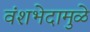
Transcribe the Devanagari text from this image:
वंशभेदामुळे
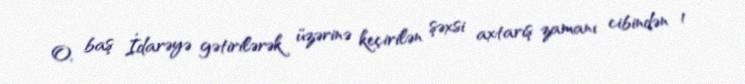
O, baş İdarəyə gətirilərək üzərinə keçirilən şəxsi axtarış zamanı cibindən 1
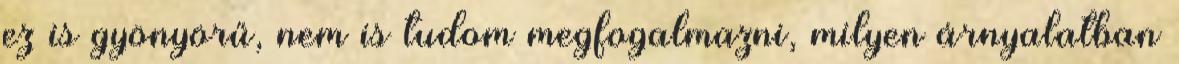
ez is gyönyörű, nem is tudom megfogalmazni, milyen árnyalatban
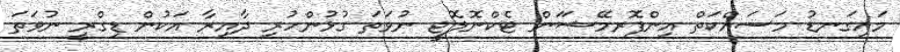
މައިގަނޑު މަސައްކަތް އިންފޮރމޭޝަަން ޓެކްނޮލޮޖީ ނުވަތަ ގުޅުންހުރި ދާއިރާ އަކުން ޑިގްރީ ނުވަތަ
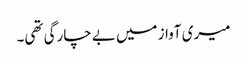
میری آواز میں بے چارگی تھی۔
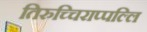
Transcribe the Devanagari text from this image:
तिरुच्चिराप्पल्लि
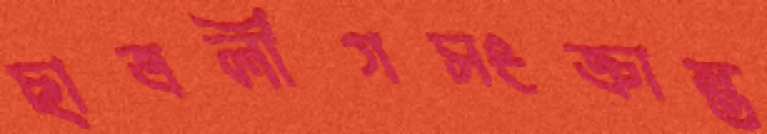
ছাত্রলীগসংক্রান্ত
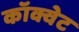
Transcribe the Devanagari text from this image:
कॉक्वेट
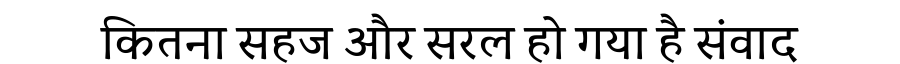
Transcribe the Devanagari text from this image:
कितना सहज और सरल हो गया है संवाद
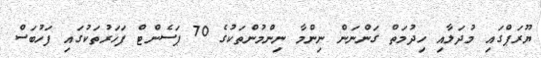
ޔޫރަޕްގައި މުދަލާއި ހިދުމަތް ގަންނަން ނިންމާ ނިންމުންތަކުގެ 70 ޕަސެންޓް ފަހަރުތަކުގައި ފަހުބަސް
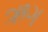
ઋગ
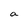
Character: a
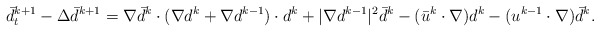
\begin{align*}\bar{d}^{k+1}_t-\Delta \bar{d}^{k+1}=\nabla \bar{d}^k \cdot (\nabla d^k+\nabla d^{k-1})\cdot d^k+|\nabla d^{k-1}|^2 \bar{d}^k -(\bar{u}^k \cdot \nabla) d^k-(u^{k-1}\cdot \nabla)\bar{d}^k.\end{align*}
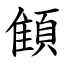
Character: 顀
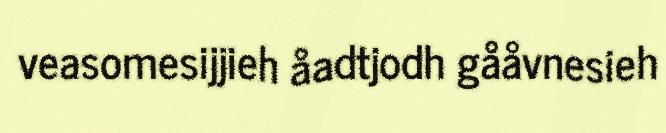
veasomesijjieh åadtjodh gååvnesieh
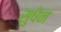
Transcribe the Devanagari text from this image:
सुषेन
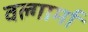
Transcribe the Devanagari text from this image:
वल्गार्मा
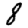
Digit: 8
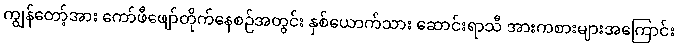
ကျွန်တော့်အား ကော်ဖီဖျော်တိုက်နေစဉ်အတွင်း နှစ်ယောက်သား ဆောင်းရာသီ အားကစားများအကြောင်း
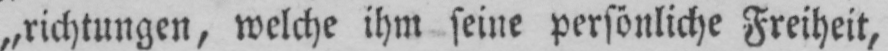
„richtungen, welche ihm seine persönliche Freiheit,
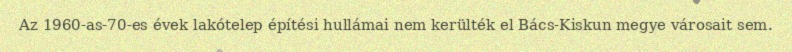
Az 1960-as-70-es évek lakótelep építési hullámai nem kerülték el Bács-Kiskun megye városait sem.
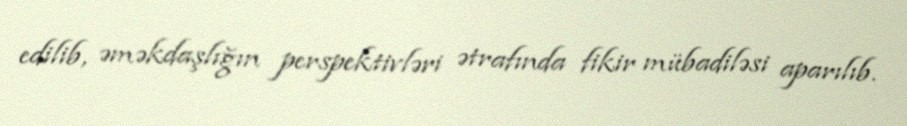
edilib, əməkdaşlığın perspektivləri ətrafında fikir mübadiləsi aparılıb.
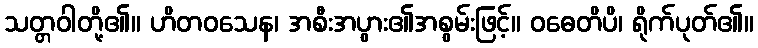
သတ္တဝါတို့၏။ ဟိတဝသေန၊ အစီးအပွား၏အစွမ်းဖြင့်။ ဝဓေတိပိ၊ ရိုက်ပုတ်၏။
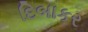
દિબાકર
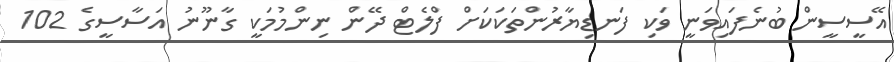
އޭސީސީން ބުނެފައިވަނީ ވަކި ފަނޑިޔާރުންތަކަކަށް ފްލެޓް ދޭން ނިންމުމަކީ ގާނޫނު އަސާސީގެ 102
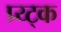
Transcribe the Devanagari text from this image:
प्र्य्ट्क
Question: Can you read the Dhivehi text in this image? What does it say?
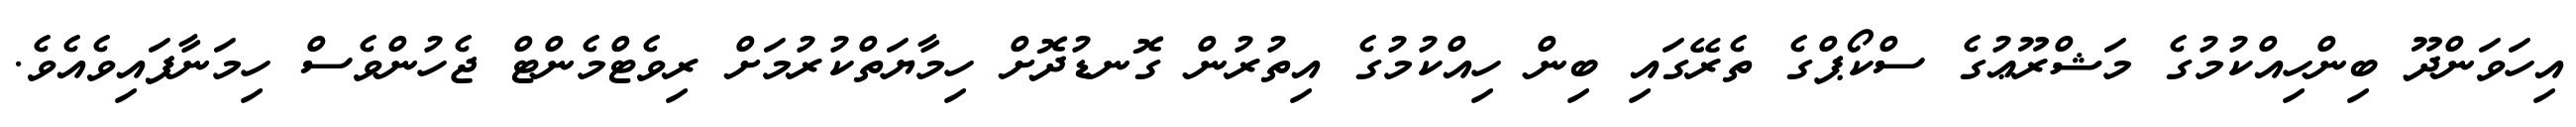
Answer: އިހަވަންދޫ ބިންހިއްކުމުގެ މަޝްރޫޢުގެ ސްކޯޕްގެ ތެރޭގައި ބިން ހިއްކުމުގެ އިތުރުން ގޮނޑުދޮށް ހިމާޔަތްކުރުމަށް ރިވެޓްމެންޓް ޖެހުންވެސް ހިމަނާފައިވެއެވެ.

*****

#### WHAT YOU WILL DO
Every entry above needs to be duplicated exactly, without its images.

#### RESPONSE
Transcribe the Devanagari text from this image:
वंशभेदामुळे
O, baş İdarəyə gətirilərək üzərinə keçirilən şəxsi axtarış zamanı cibindən 1
ez is gyönyörű, nem is tudom megfogalmazni, milyen árnyalatban
މައިގަނޑު މަސައްކަތް އިންފޮރމޭޝަަން ޓެކްނޮލޮޖީ ނުވަތަ ގުޅުންހުރި ދާއިރާ އަކުން ޑިގްރީ ނުވަތަ
میری آواز میں بے چارگی تھی۔
Transcribe the Devanagari text from this image:
तिरुच्चिराप्पल्लि
ছাত্রলীগসংক্রান্ত
Transcribe the Devanagari text from this image:
कॉक्वेट
Transcribe the Devanagari text from this image:
कितना सहज और सरल हो गया है संवाद
ޔޫރަޕްގައި މުދަލާއި ހިދުމަތް ގަންނަން ނިންމާ ނިންމުންތަކުގެ 70 ޕަސެންޓް ފަހަރުތަކުގައި ފަހުބަސް
ઋગ
Character: a
\begin{align*}\bar{d}^{k+1}_t-\Delta \bar{d}^{k+1}=\nabla \bar{d}^k \cdot (\nabla d^k+\nabla d^{k-1})\cdot d^k+|\nabla d^{k-1}|^2 \bar{d}^k -(\bar{u}^k \cdot \nabla) d^k-(u^{k-1}\cdot \nabla)\bar{d}^k.\end{align*}
Character: 顀
veasomesijjieh åadtjodh gååvnesieh
Transcribe the Devanagari text from this image:
सुषेन
Transcribe the Devanagari text from this image:
वल्गार्मा
Digit: 8
ကျွန်တော့်အား ကော်ဖီဖျော်တိုက်နေစဉ်အတွင်း နှစ်ယောက်သား ဆောင်းရာသီ အားကစားများအကြောင်း
„richtungen, welche ihm seine persönliche Freiheit,
Az 1960-as-70-es évek lakótelep építési hullámai nem kerülték el Bács-Kiskun megye városait sem.
edilib, əməkdaşlığın perspektivləri ətrafında fikir mübadiləsi aparılıb.
သတ္တဝါတို့၏။ ဟိတဝသေန၊ အစီးအပွား၏အစွမ်းဖြင့်။ ဝဓေတိပိ၊ ရိုက်ပုတ်၏။
દિબાકર
އޭސީސީން ބުނެފައިވަނީ ވަކި ފަނޑިޔާރުންތަކަކަށް ފްލެޓް ދޭން ނިންމުމަކީ ގާނޫނު އަސާސީގެ 102
Transcribe the Devanagari text from this image:
प्र्य्ट्क
Question: Can you read the Dhivehi text in this image? What does it say?
Answer: އިހަވަންދޫ ބިންހިއްކުމުގެ މަޝްރޫޢުގެ ސްކޯޕްގެ ތެރޭގައި ބިން ހިއްކުމުގެ އިތުރުން ގޮނޑުދޮށް ހިމާޔަތްކުރުމަށް ރިވެޓްމެންޓް ޖެހުންވެސް ހިމަނާފައިވެއެވެ.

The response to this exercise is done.